Hiring high performing teams is hard and so for founders that believe in doing hard work, Holland’s thread is a seductive opus to that effort.  But as a white male founder, it is easy to think that easy things are hard simply because we believe they should be, even when the easiest thing to do is hire other white males: they are probably who you know, who you’ve worked with, and who are easiest to attract.  

So when we talk about doing the work, we need to recognize what the real work is.  Literal decades of research at this point tell us how important diversity and inclusion are to high performing teams; a failure to explicitly address those challenges in a thread about hiring practices is to acknowledge that you either don’t understand the current state of diversity in the workplace or aren’t actually committed to team as a strength.  Either way, we can and should do better; as Holland says at the end of his thread, “people deserve it”.

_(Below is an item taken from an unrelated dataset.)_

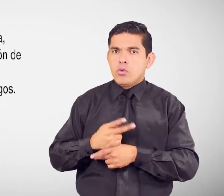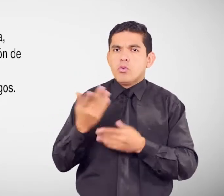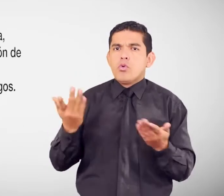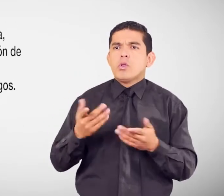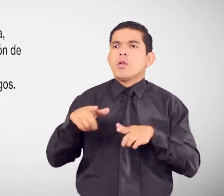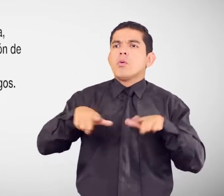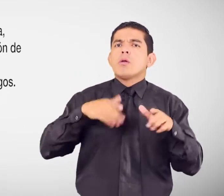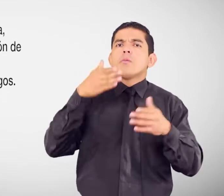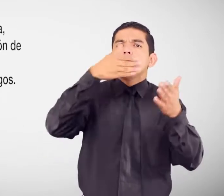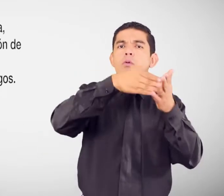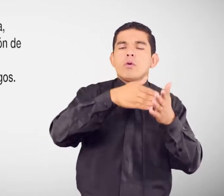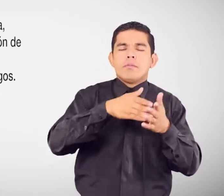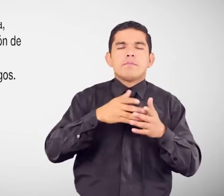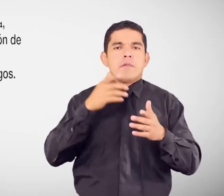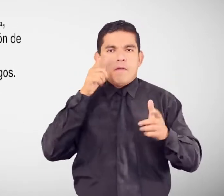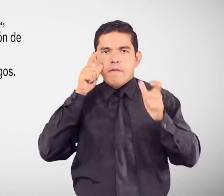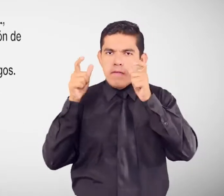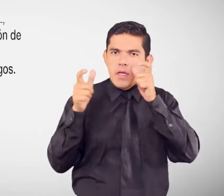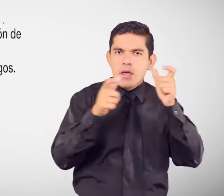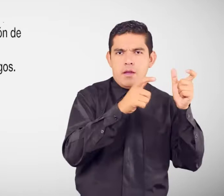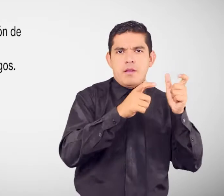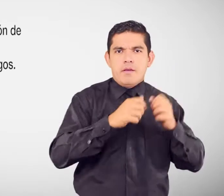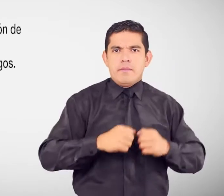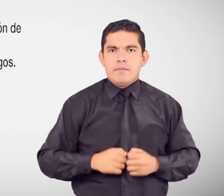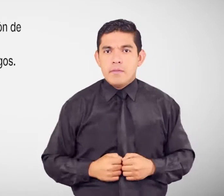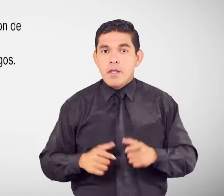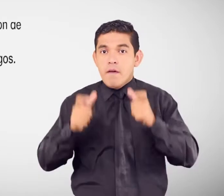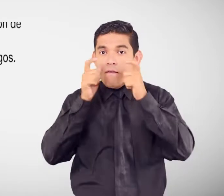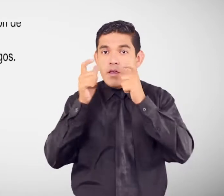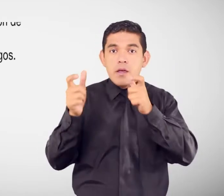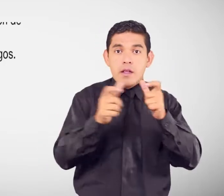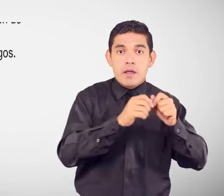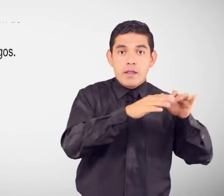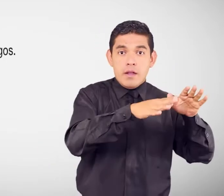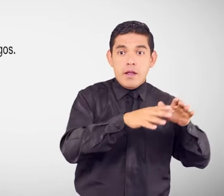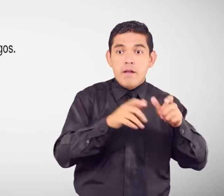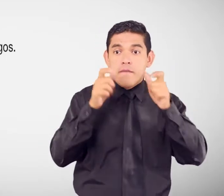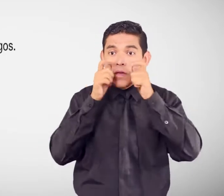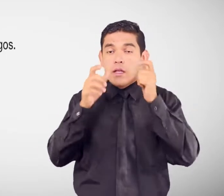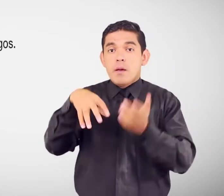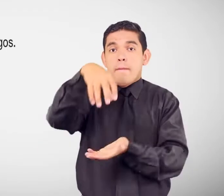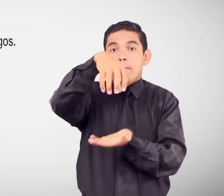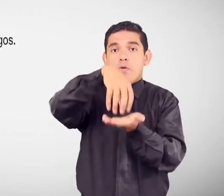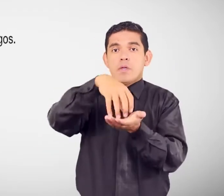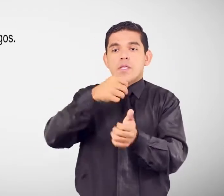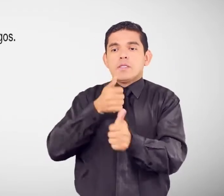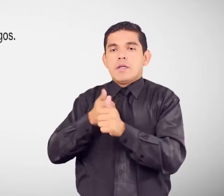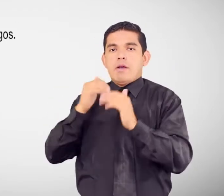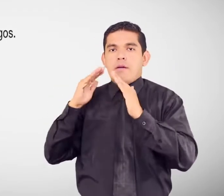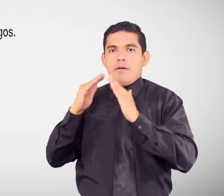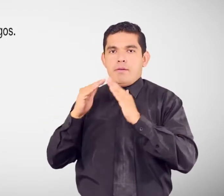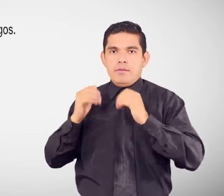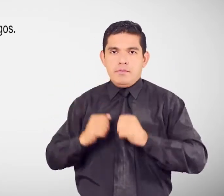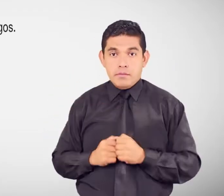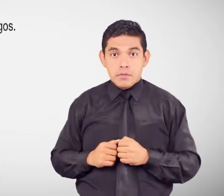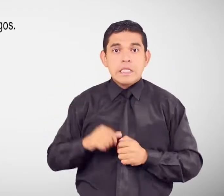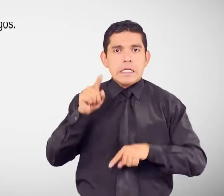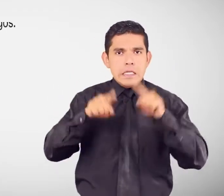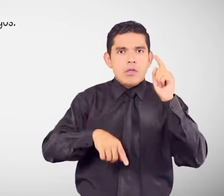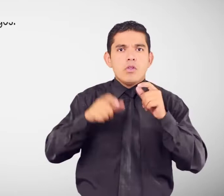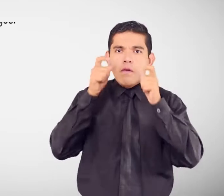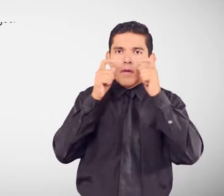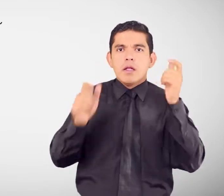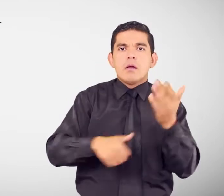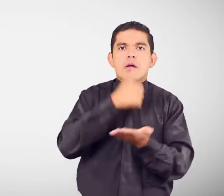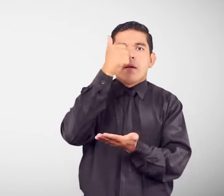acudir? Fiscalía General del Estado Fiscalía Provincial Del lugar de tu domicilio Existen fiscalías en las
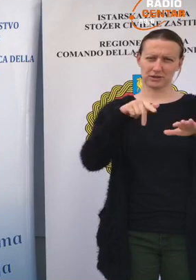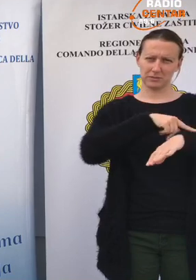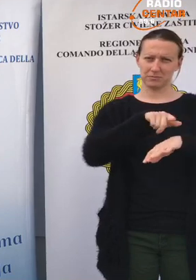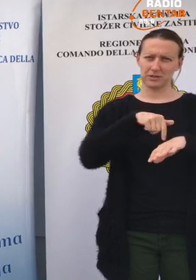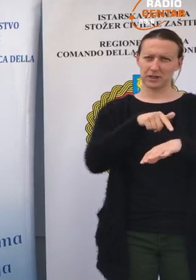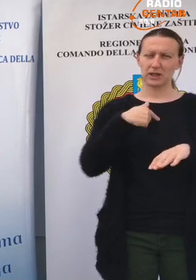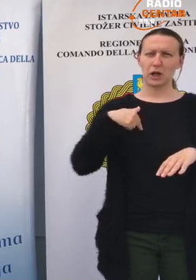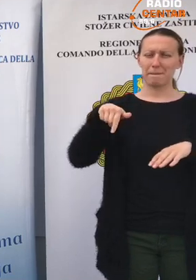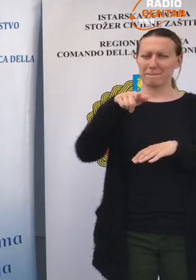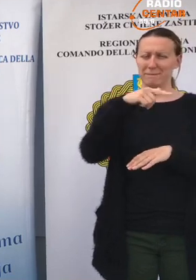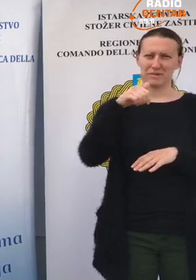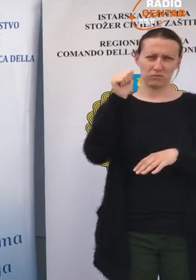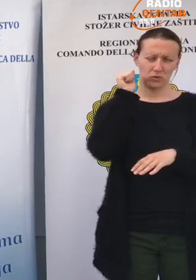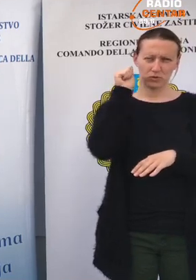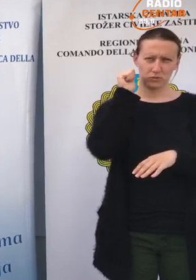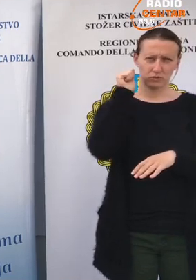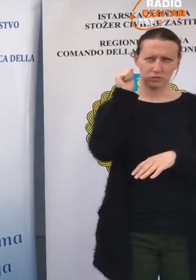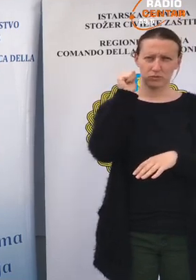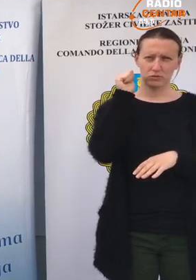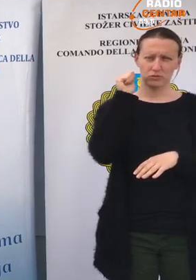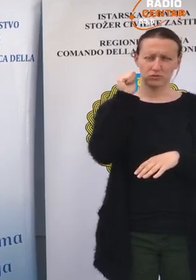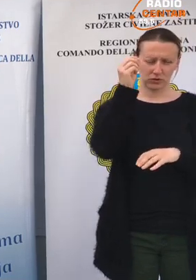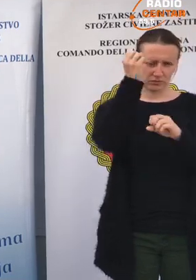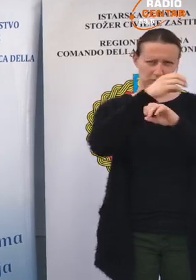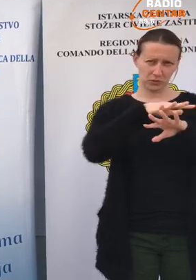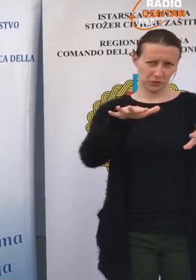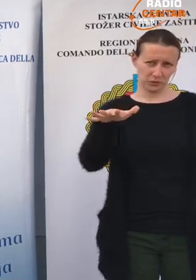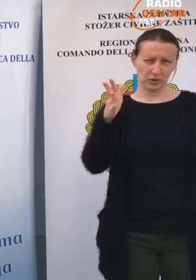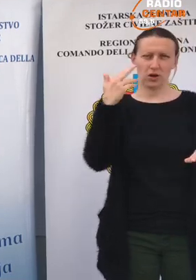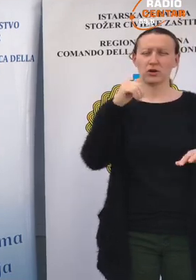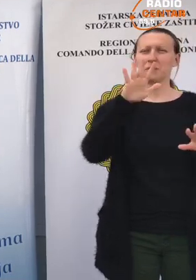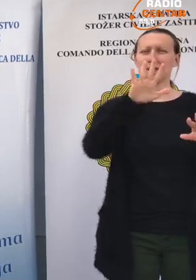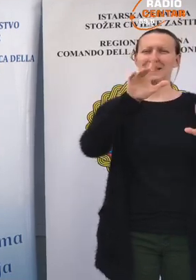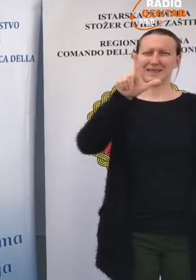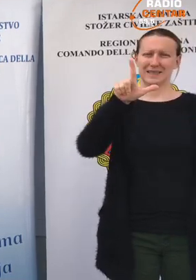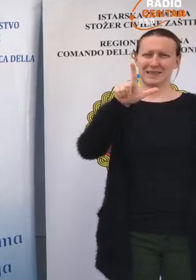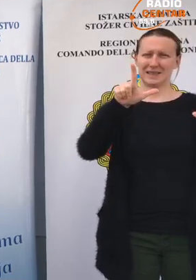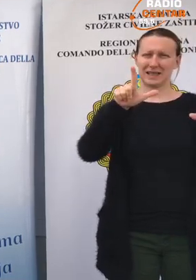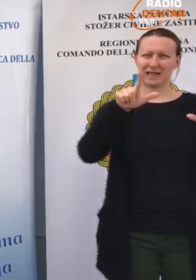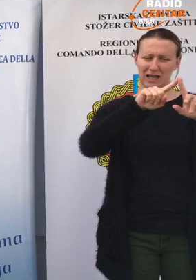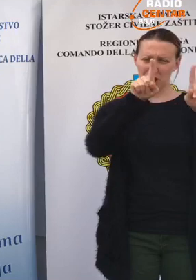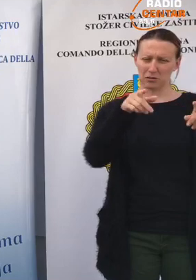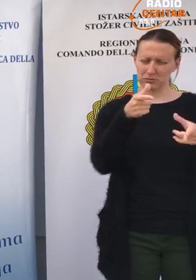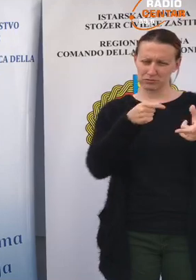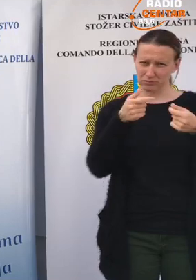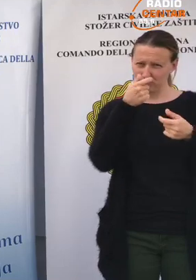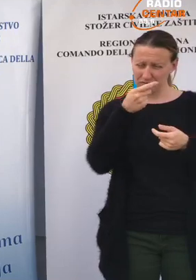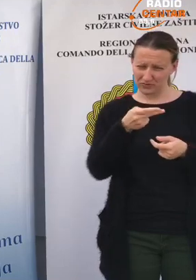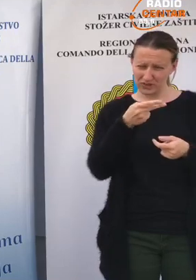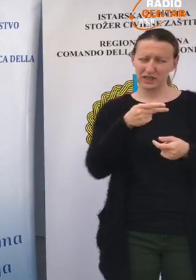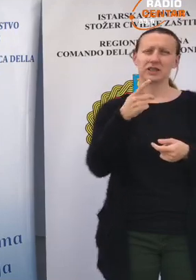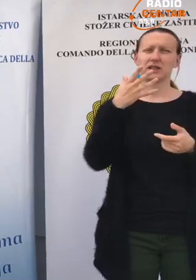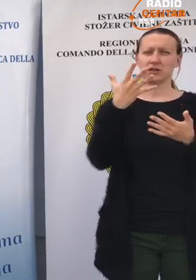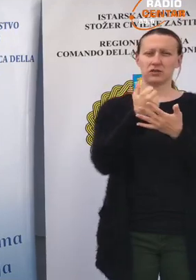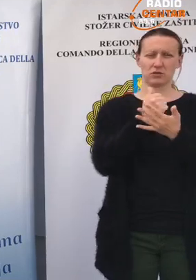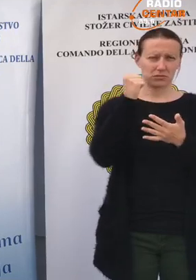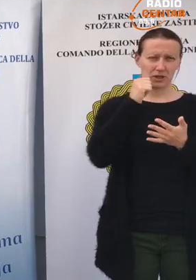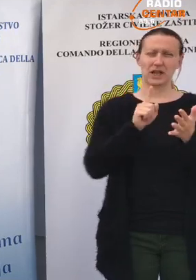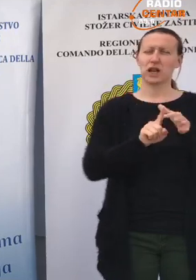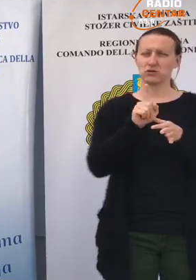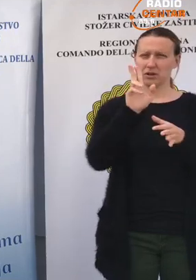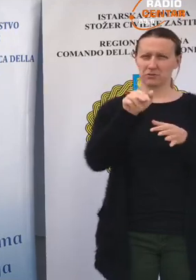sati, mi smo jučer priopćili da od 57 uzoraka koji su tijekom jučerašnjeg dana stigle

Side Note: I recently read some of my older blog posts and was aghast as the privilege encoded in them (along with the really terrible advice resulted).  While Holland’s thread created a cacophony of justifiable anger directed at both him and Fast, I wonder if that facilitates individual change or mires it in defensiveness; could I look back at my entries and acknowledge their flaws had I been attacked for them at the time?  Also, I wonder at the shelf life of even the alternative tips I list here; hopefully new science proves some of these suboptimal and we get ever better at creating the more equitable world we want.